2. Transition to Global Complexity:
   • By leveraging techniques from previous works [Barenboim et al., FOCS'12], the algorithm achieves a global complexity of $O(\log \Delta) + 2^{O(\sqrt{\log \log n})}$, where $\Delta$ denotes the maximum degree in the graph. This represents an enhancement over known results, approaching the theoretical lower bound of Kuhn et al. without exceeding computational feasibility for large graphs.
3. Algorithm Implications:
   • The paper also explores various implications. It accommodates graphs of bounded arboricity and girth, resulting in improved algorithms for particular graph classes. Furthermore, applications extend to Ruling Sets, the Local Computation Algorithm (LCA) model, and improvements for distributed Lovász Local Lemma computations.

Implications and Future Work

The results of this research underscore the practical and theoretical significance suggested by the capability of efficiently solving MIS problems with respect to local information in distributed networks. The improvements in complexity potentially reduce resource requirements for network operations and facilitate scalability in big data applications or internet settings characterized by high node degrees.

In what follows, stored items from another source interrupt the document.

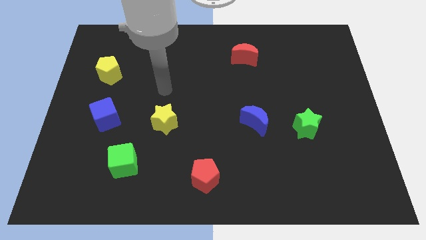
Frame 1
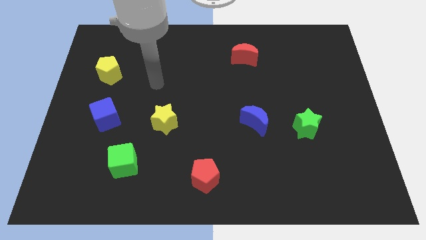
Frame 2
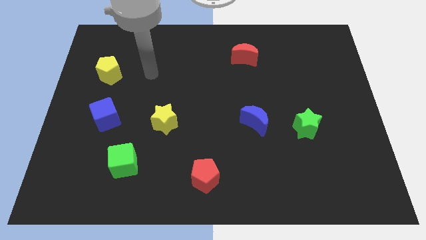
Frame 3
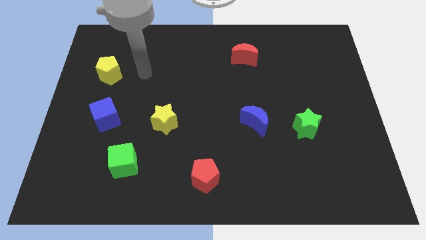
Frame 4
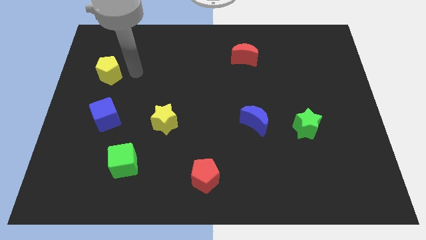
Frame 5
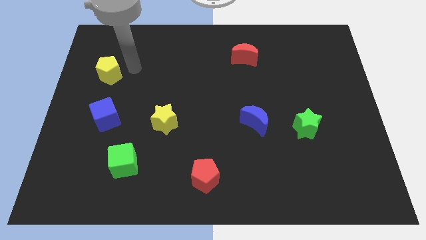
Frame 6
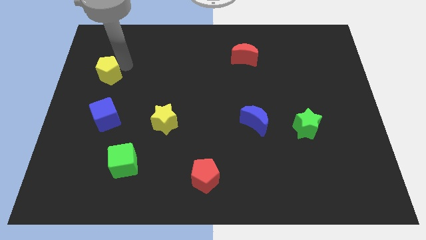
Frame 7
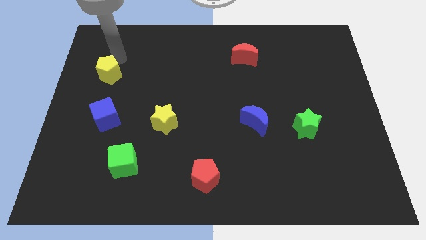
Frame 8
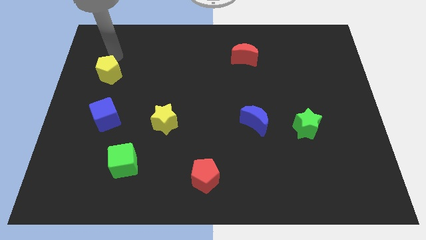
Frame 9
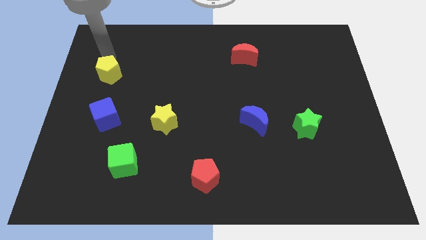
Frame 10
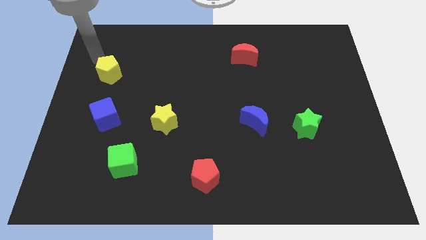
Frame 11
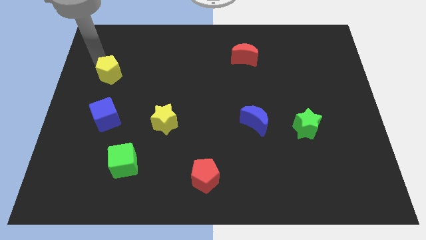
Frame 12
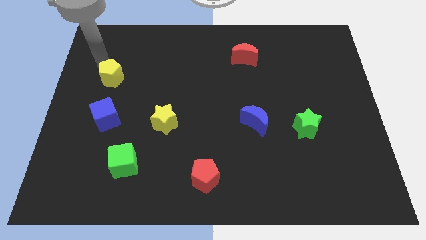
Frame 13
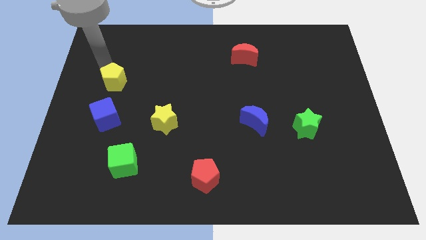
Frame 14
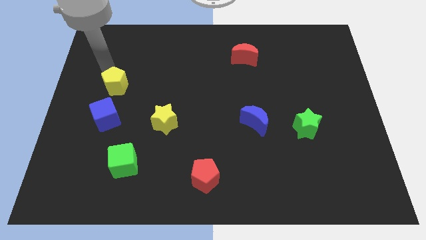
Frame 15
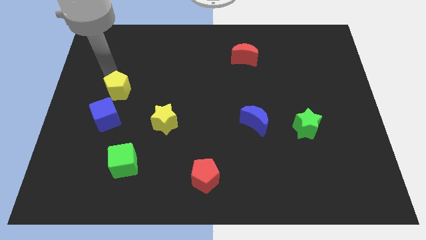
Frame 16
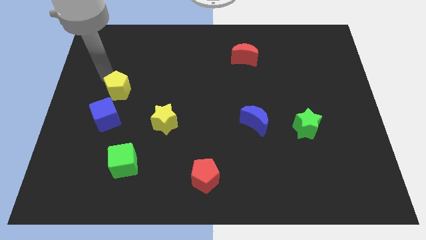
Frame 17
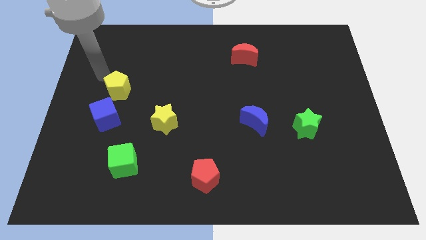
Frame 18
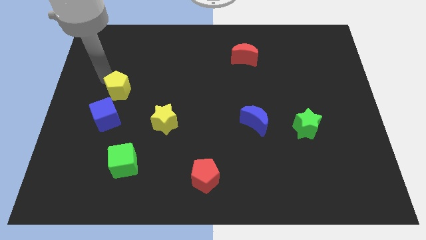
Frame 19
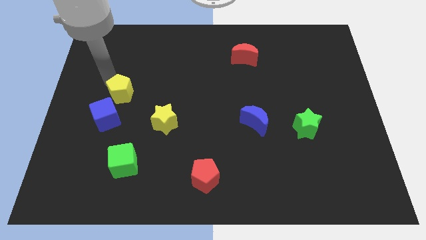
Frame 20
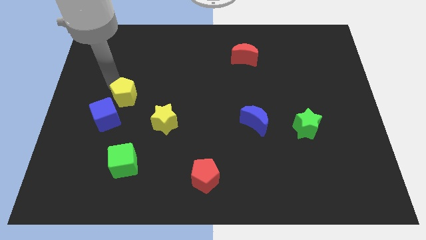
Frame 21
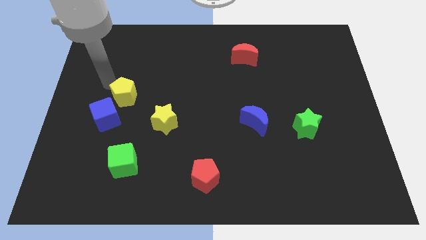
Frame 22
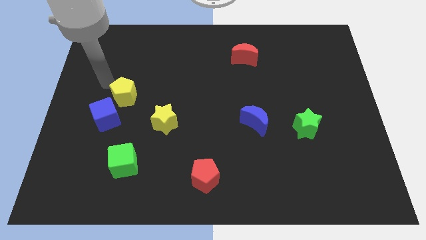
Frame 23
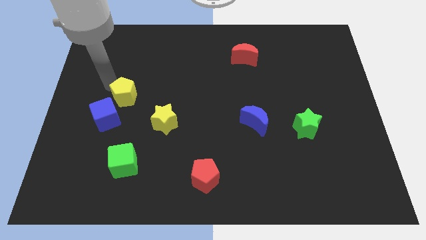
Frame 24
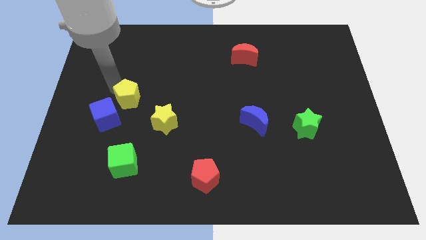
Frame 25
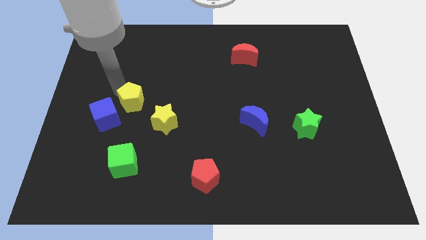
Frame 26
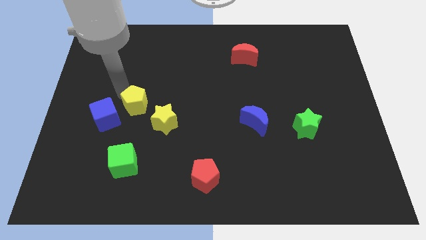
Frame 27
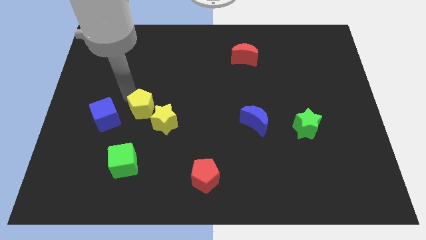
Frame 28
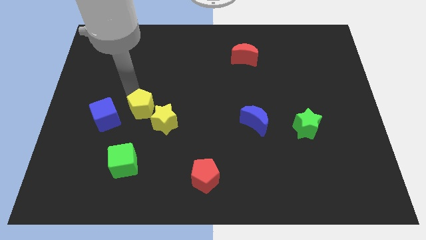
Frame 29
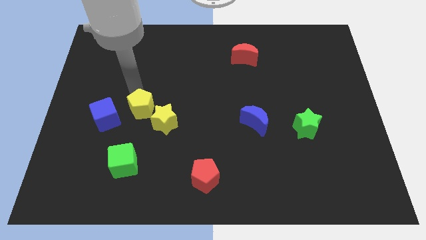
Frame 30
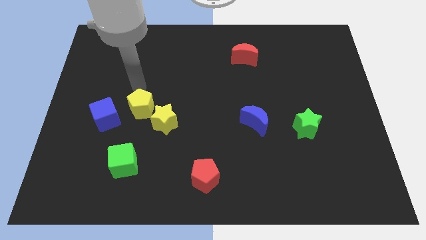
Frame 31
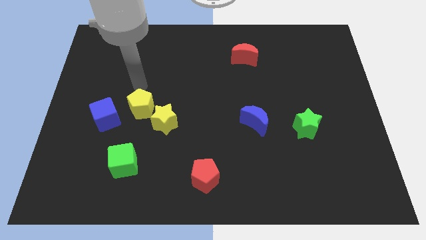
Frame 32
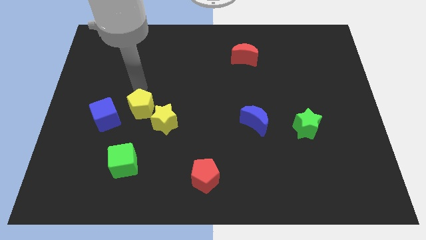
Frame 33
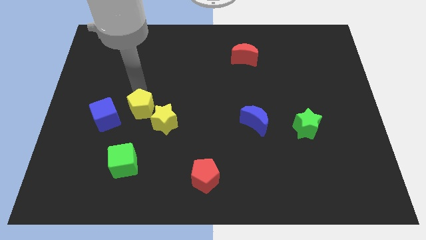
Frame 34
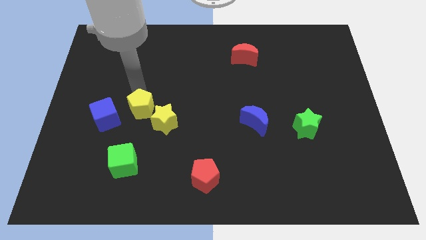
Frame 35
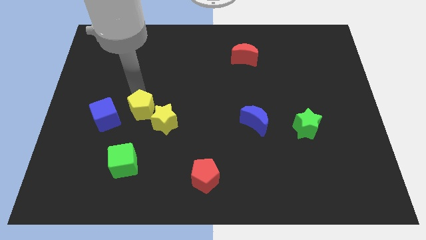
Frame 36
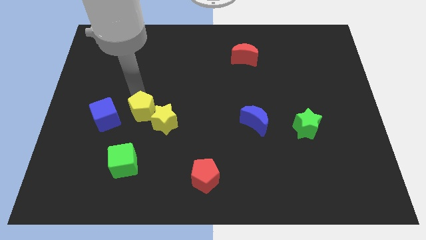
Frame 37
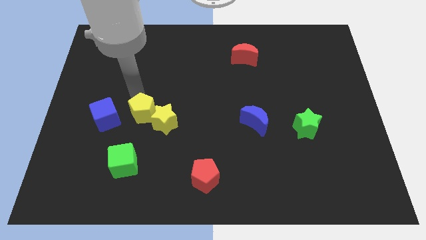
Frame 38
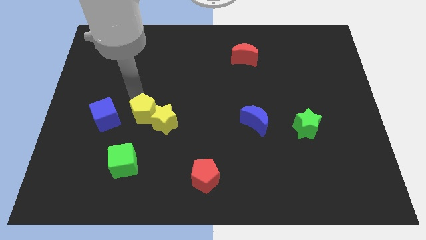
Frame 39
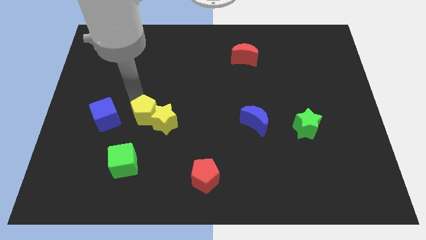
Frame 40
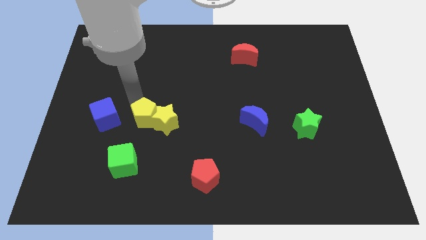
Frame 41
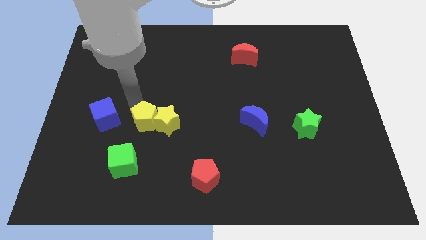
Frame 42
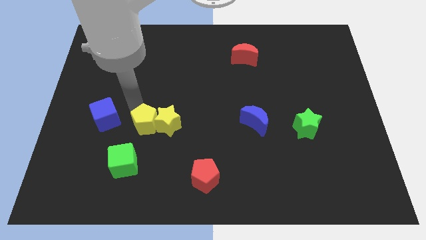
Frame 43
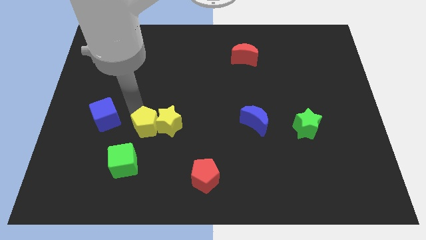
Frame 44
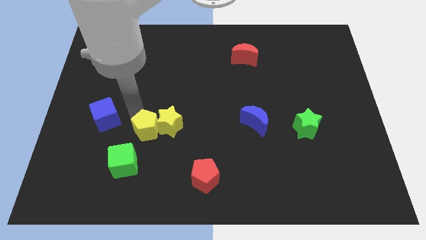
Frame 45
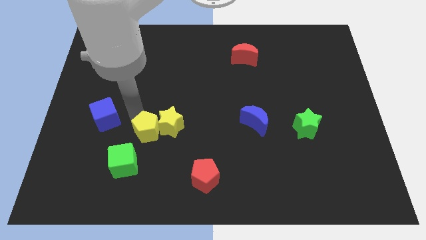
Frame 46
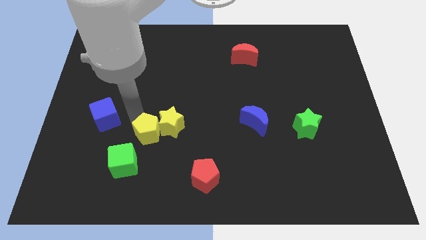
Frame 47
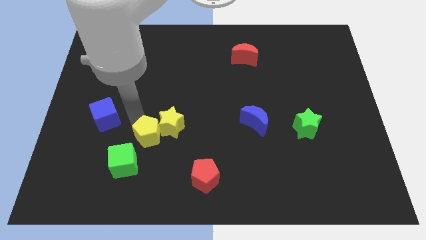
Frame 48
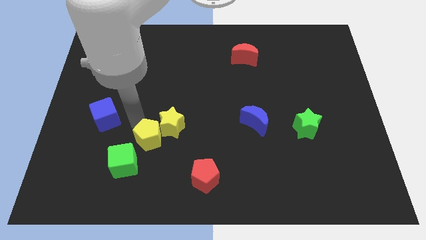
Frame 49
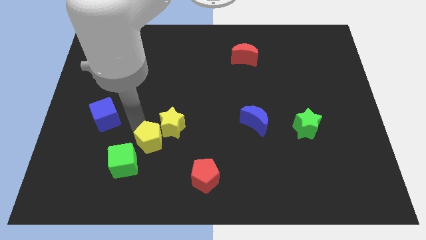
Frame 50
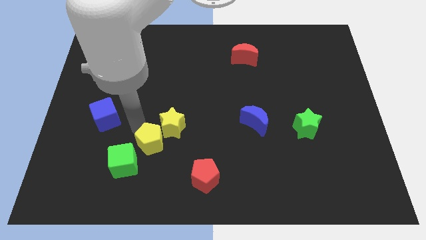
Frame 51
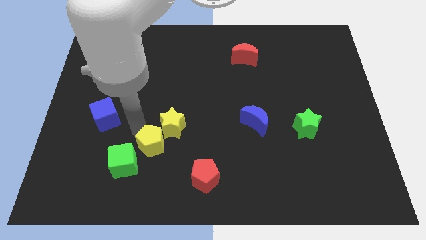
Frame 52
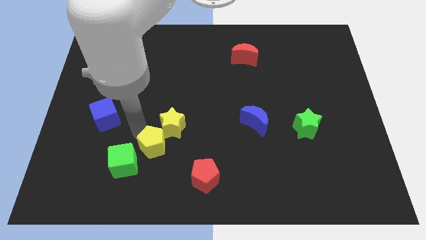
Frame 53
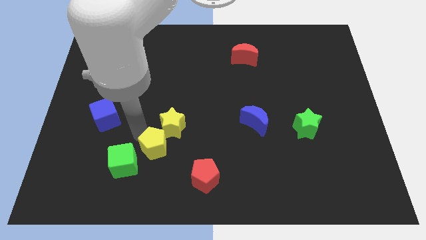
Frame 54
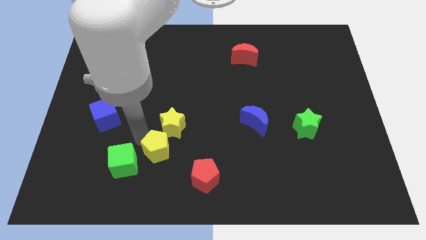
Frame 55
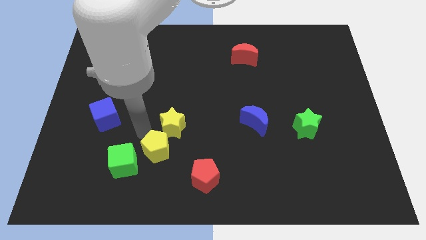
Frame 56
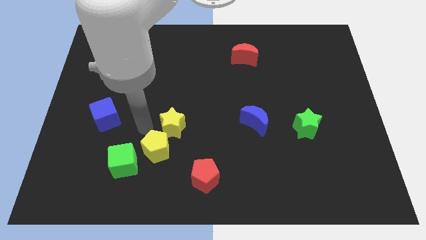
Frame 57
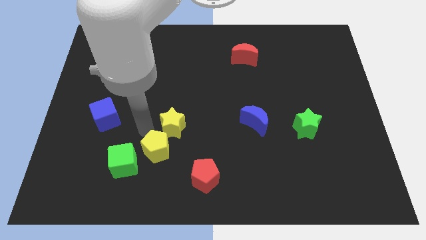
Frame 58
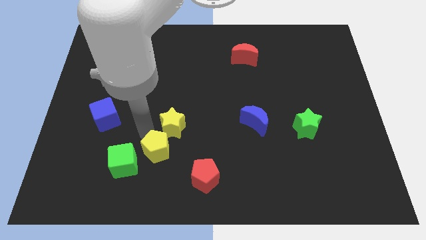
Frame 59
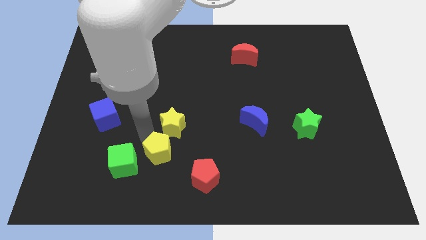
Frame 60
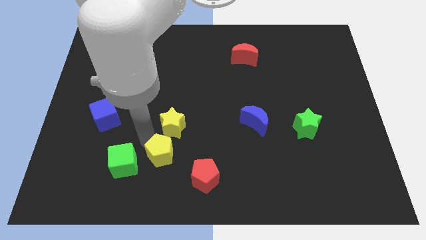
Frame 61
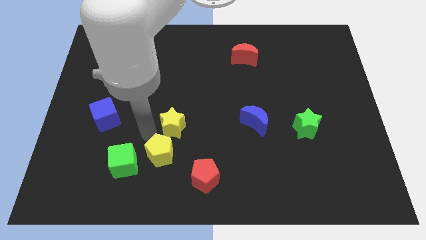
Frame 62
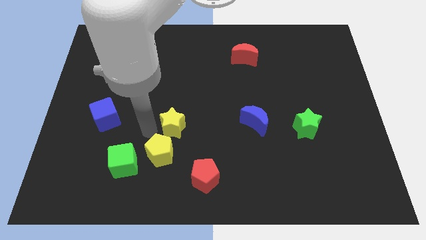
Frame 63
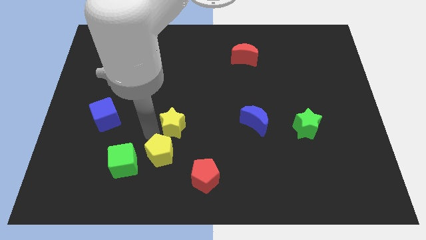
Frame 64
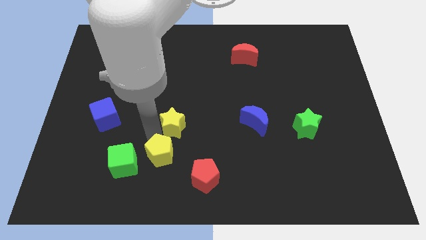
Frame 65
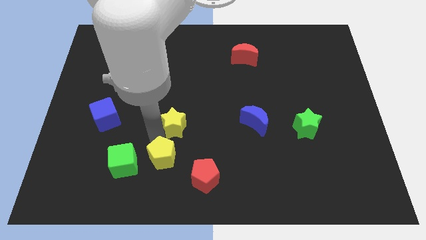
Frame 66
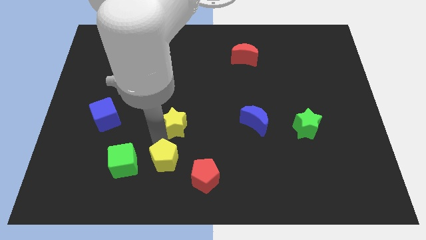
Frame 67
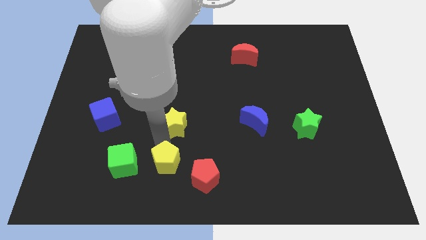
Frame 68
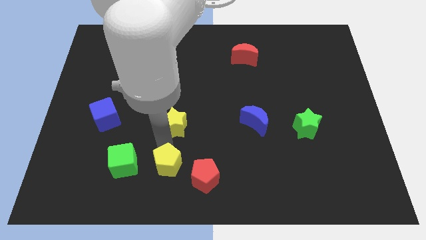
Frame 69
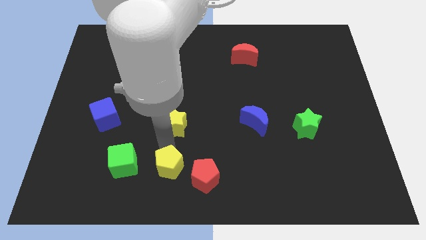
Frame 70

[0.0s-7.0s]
push the yellow pentagon to the bottom side

In terms of future directions, the work sets a critical foundation for exploring further optimization under varied constraints and assumptions of network structures. Challenges remain in closing the gap between existing upper and lower bounds when $\log \Delta = \omega(\sqrt{\log n})$, thus pushing forward the understanding of locality and randomness roles in distributed computation. Moreover, testing these theoretical advancements in real-world distributed network scenarios could offer valuable insights and validation, encouraging a push towards practical distributed computing solutions.

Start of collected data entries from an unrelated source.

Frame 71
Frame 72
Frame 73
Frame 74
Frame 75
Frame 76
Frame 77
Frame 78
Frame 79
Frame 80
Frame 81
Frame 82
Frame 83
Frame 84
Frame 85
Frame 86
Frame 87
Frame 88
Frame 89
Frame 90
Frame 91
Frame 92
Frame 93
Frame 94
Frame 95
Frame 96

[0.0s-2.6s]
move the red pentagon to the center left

In summary, the contributions presented not only advance the algorithmic techniques available for solving the MIS problem but also expand the scope of application and understanding of distributed algorithms in graph theory. The work opens avenues for future theoretical exploration and immediate applicability in distributed systems requiring efficient resource coordination.